There is general agreement that the conditions for an eventual rebound will soon come into play. Mine and smelter closings, and delayed projects, will soon start eating into supply. The inability of junior mining companies to obtain financing means new projects will have trouble getting started.
But the big hope is China. While exports are falling, domestic consumption – a far bigger component of GDP – is rising as the Chinese middle class expands. Interest rates are falling and fiscal stimulus packages are being put into place.

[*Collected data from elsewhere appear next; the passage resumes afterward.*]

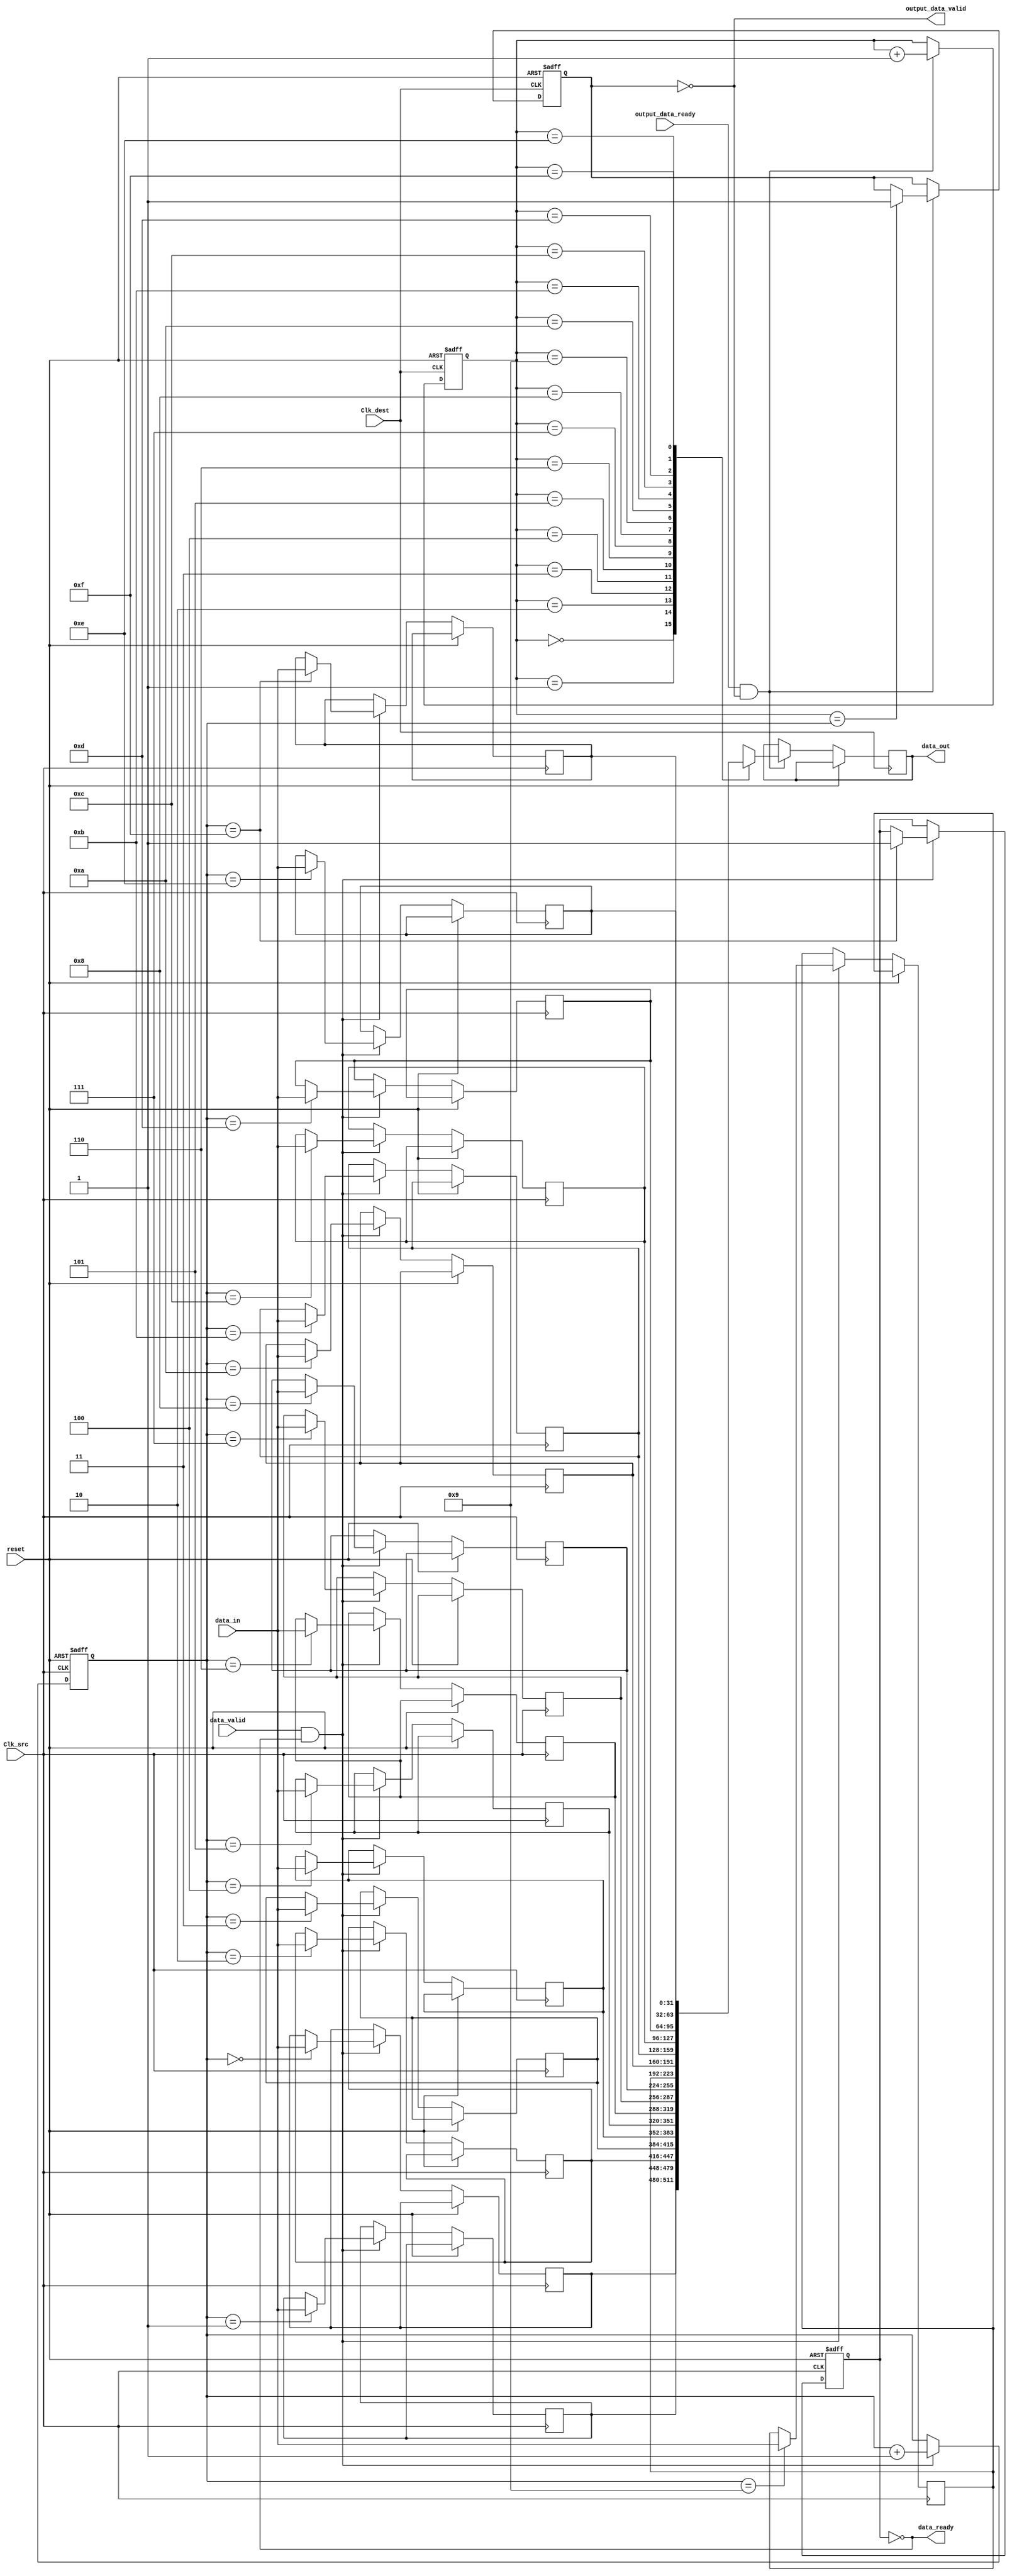
module burst_mode_synchronizer #(
    parameter DATA_WIDTH = 32,
    parameter FIFO_DEPTH = 16
)(
    input wire Clk_src,               // Source clock
    input wire Clk_dest,              // Destination clock
    input wire [DATA_WIDTH-1:0] data_in, // Data input from source clock domain
    input wire data_valid,            // Data valid signal from source clock domain
    output wire data_ready,           // Data ready signal for source clock domain
    output wire [DATA_WIDTH-1:0] data_out, // Synchronized data output to destination clock domain
    output wire output_data_valid,    // Output data valid signal for destination clock domain
    input wire output_data_ready,     // Output data ready signal from destination clock domain
    input wire reset                   // Asynchronous reset
);

// FIFO buffer signals
reg [DATA_WIDTH-1:0] fifo_mem [0:FIFO_DEPTH-1];
reg [3:0] write_ptr, read_ptr;
reg fifo_full, fifo_empty;

// Control signals
reg burst_start, burst_end;
wire burst_start_sync, burst_end_sync;

// Synchronization logic
reg [1:0] burst_start_sync_ff, burst_end_sync_ff;

always @(posedge Clk_dest or posedge reset) begin
    if (reset) begin
        burst_start_sync_ff <= 2'b00;
        burst_end_sync_ff <= 2'b00;
    end else begin
        burst_start_sync_ff <= {burst_start_sync_ff[0], burst_start};
        burst_end_sync_ff <= {burst_end_sync_ff[0], burst_end};
    end
end

assign burst_start_sync = burst_start_sync_ff[1];
assign burst_end_sync = burst_end_sync_ff[1];

// FIFO write logic
always @(posedge Clk_src or posedge reset) begin
    if (reset) begin
        write_ptr <= 0;
        fifo_full <= 0;
    end else if (data_valid && !fifo_full) begin
        fifo_mem[write_ptr] <= data_in;
        write_ptr <= write_ptr + 1;
        if (write_ptr == FIFO_DEPTH - 1) begin
            fifo_full <= 1;
        end
    end
end

// FIFO read logic
always @(posedge Clk_dest or posedge reset) begin
    if (reset) begin
        read_ptr <= 0;
        fifo_empty <= 1;
    end else if (output_data_ready && !fifo_empty) begin
        data_out <= fifo_mem[read_ptr];
        read_ptr <= read_ptr + 1;
        if (read_ptr == write_ptr) begin
            fifo_empty <= 1;
        end
    end
end

// Control signals for burst transfer
always @(posedge Clk_src or posedge reset) begin
    if (reset) begin
        burst_start <= 0;
        burst_end <= 0;
    end else if (data_valid && !fifo_full) begin
        burst_start <= 1;
    end else if (output_data_ready && !fifo_empty) begin
        burst_end <= 1;
    end else begin
        burst_start <= 0;
        burst_end <= 0;
    end
end

// Output control signals
assign data_ready = !fifo_full;
assign output_data_valid = !fifo_empty;

endmodule
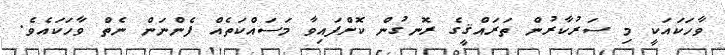
ވާހަކައަކީ މި ސަރުކާރުން ތަރައްޤީގެ ރޮނގުން ކޮށްފައިވާ މަސައްކަތެއް ފެންނަން ނެތް ވާހަކައެވެ.
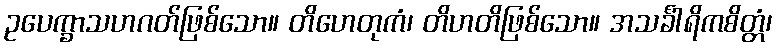
ဥပေက္ခာသဟဂတ်ဖြစ်သော။ တိဟေတုကံ၊ တိဟတိဖြစ်သော။ အသင်္ခါရိကစိတ္တံ၊
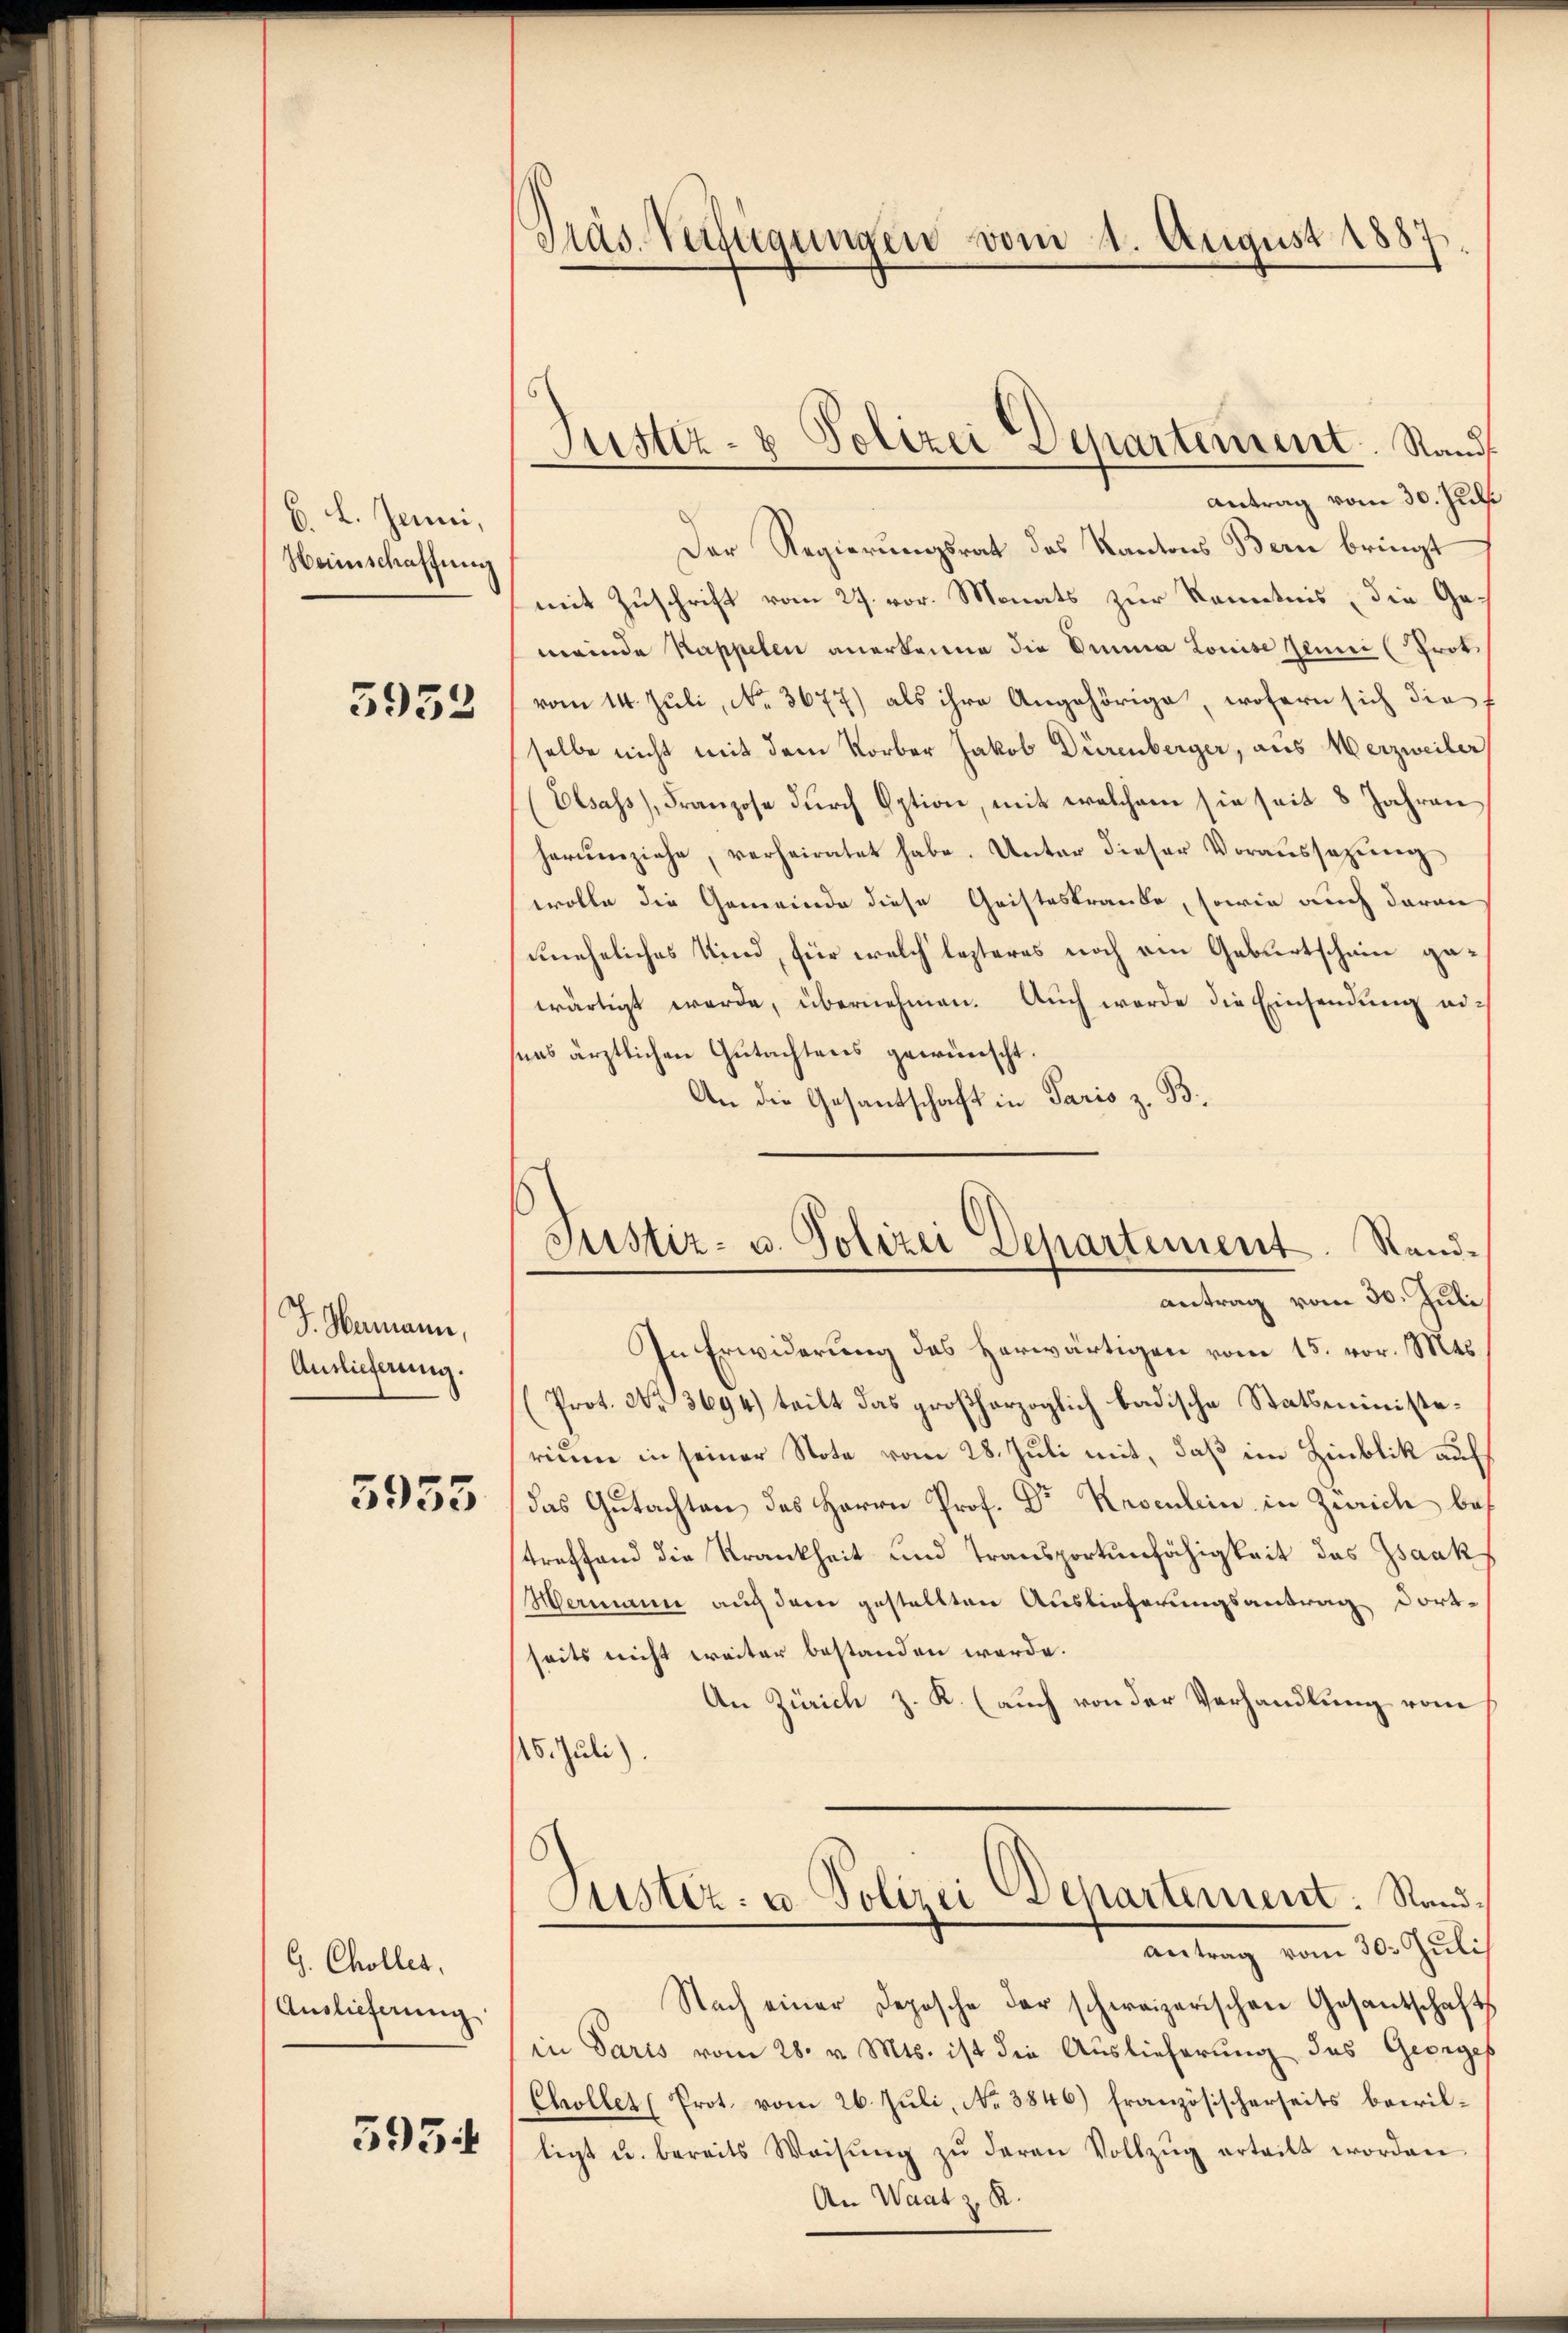
6. L. Junii,
Weinschaffung

3953

J. Hermann,
Auslieferung.

5955

G. Cholles,
Auslieferung

595

Präs. Verfügungen vom 1. August 1887.

Antrag vom 30. Juli
Der Regierungsrat des Kantons Bern bringt
mit Zuschrift vom 27. vor. Monats zur Kenntnis, die Gemeinde Kappelen anerkenne die Omnia Louise Jenni (Prok.
vom 14. Juli, No. 3677) als ihre Angehörige, wofern sich die f
selbe nicht mit dem Korber Jakob Dürenberger, aus Werzweiler
Elsass), Franzose durch Option, mit welchem sie seit 8 Jahren
herumziehe, verheiratet habe. Unter dieser Voraussazung
wolle die Gemeinde diese Geisteskranke, sowie auch daran
uneheliches Kind, für welch lezteres noch am Geburtschein gewärtigt werde, übernehmen. Aŭch werde die Einsendŭng auch
snas ärztlichen Gutachtens gewünscht.
An die Gesantschaft in Paris z. B.
In Erwiderung des Herwärtigen vom 15. vor. Mts.
Prot. No. 3694) teilt das großherzoglich badische Statsministerium in seiner Note vom 28. Juli mit, daß im Hinblik auf
das Gutachten des Herrn Prof. Dr Kasenlein in Zürich bes
treffend die Krankheit und Transportenfähigkeit des Isaak
Hermann auf dem gestellten Auslieferungsantrag dortseits nicht weiter bestanden werde.
An Zürich z. K. (auch von der Verhandlung vom
115. Juli)
Justiz- u. Polici Departement: Stand¬
.
antrag vom 30. Juli
Nach einer Deposche der schweizerischen Gesantschafts
in Paris vom 28. v. Mts. ist die Auslieferung des Georges
Chollet (Prot. vom 26. Juli, No 3846) Französischerseits bewilligt u. bereits Weisŭng zŭ deren Vollzŭg erteilt worden.
An Waat z. R.

Justiz- & Polizei Departement. Stand

Justiz- u. Polizei Departement. Randantrag vom 30. Juli
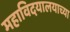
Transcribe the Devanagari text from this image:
महाविदयालयाच्या
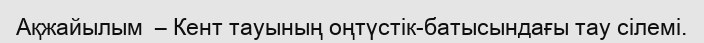
Ақжайылым  – Кент тауының оңтүстік-батысындағы тау сілемі.
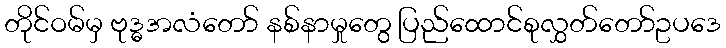
တိုင်ဝမ်မှ ဗုဒ္ဓအလံတော် နစ်နာမှုတွေ ပြည်ထောင်စုလွှတ်တော်ဥပဒေ
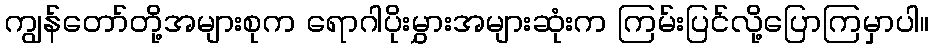
ကျွန်တော်တို့အများစုက ရောဂါပိုးမွှားအများဆုံးက ကြမ်းပြင်လို့ပြောကြမှာပါ။
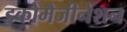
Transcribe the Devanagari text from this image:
इकोमैजीनेशन
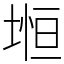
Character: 𡍷
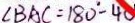
\angle B A C = 1 8 0 ^ { \circ } - 4 0
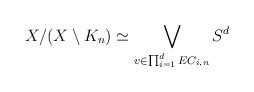
LaTeX: \begin{align*}X/ (X\setminus K_n) \simeq \bigvee_{v\in \prod_{i=1}^d EC_{i,n}} S^d\end{align*}
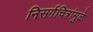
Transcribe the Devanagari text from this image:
निसर्गचित्रांमुळे
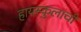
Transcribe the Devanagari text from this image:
हायस्कुलाची
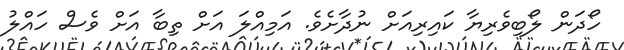
ހޯދަން ލޯބިވެރިޔާ ކައިރިއަށް ނުދާށެވެ. އަމިއްލަ އަށް ތިބާ އަށް ވެސް ހައްލު
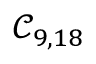
\mathcal { C } _ { 9 , 1 8 }
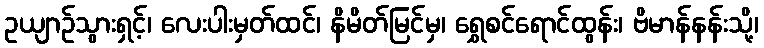
ဥယျာဉ်သွားရှင့်၊ လေးပါးမှတ်ထင်၊ နိမိတ်မြင်မှ၊ ရွှေစင်ရောင်ထွန်း၊ ဗိမာန်နန်းသို့၊
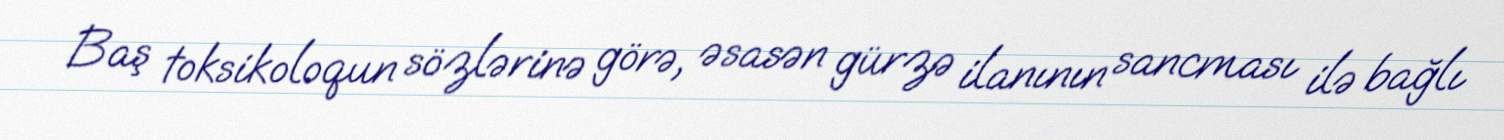
Baş toksikoloqun sözlərinə görə, əsasən gürzə ilanının sancması ilə bağlı
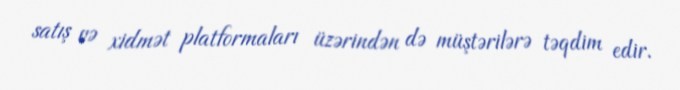
satış və xidmət platformaları üzərindən də müştərilərə təqdim edir.
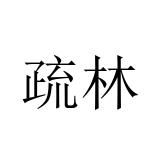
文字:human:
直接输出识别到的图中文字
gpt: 疏林
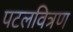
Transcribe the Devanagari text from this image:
पटलवित्रण
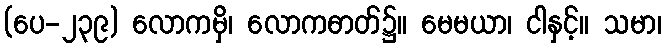
(ပေ-၂၃၉) လောကမှိ၊ လောကဓာတ်၌။ မေမယာ၊ ငါနှင့်။ သမာ၊
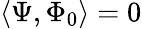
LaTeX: \langle\Psi,\Phi_{0}\rangle=0

“China will use fiscal policy as America did with FDR in the '30s and as Japan did in the lost decade of the '90s,” said Gerald Lyons, Standard Chartered's chief economist, who expects Chinese GDP growth to hover at 7 per cent in the next two years.
Battered and bruised, Mr. Coxe says he's suddenly more sanguine about the resource sector's prospects than he has been in months.
“Once the global economy has come back, force fed by these trillions of dollars that are being pumped into banks, when it comes back there is not going to be much stuff around to buy,” he says.
There are already promising signs. The beleaguered price of nickel shot up more than 9 per cent in London yesterday after Vale and Mr. Agnelli announced the company's nickel production in China and Indonesia would be cut by 65 and 20 per cent respectively. Sudbury production is safe for now but development projects such as Inco's Goro project in New Caledonia will be delayed.
“We won't sell at any price,” Mr. Agnelli said on a conference call.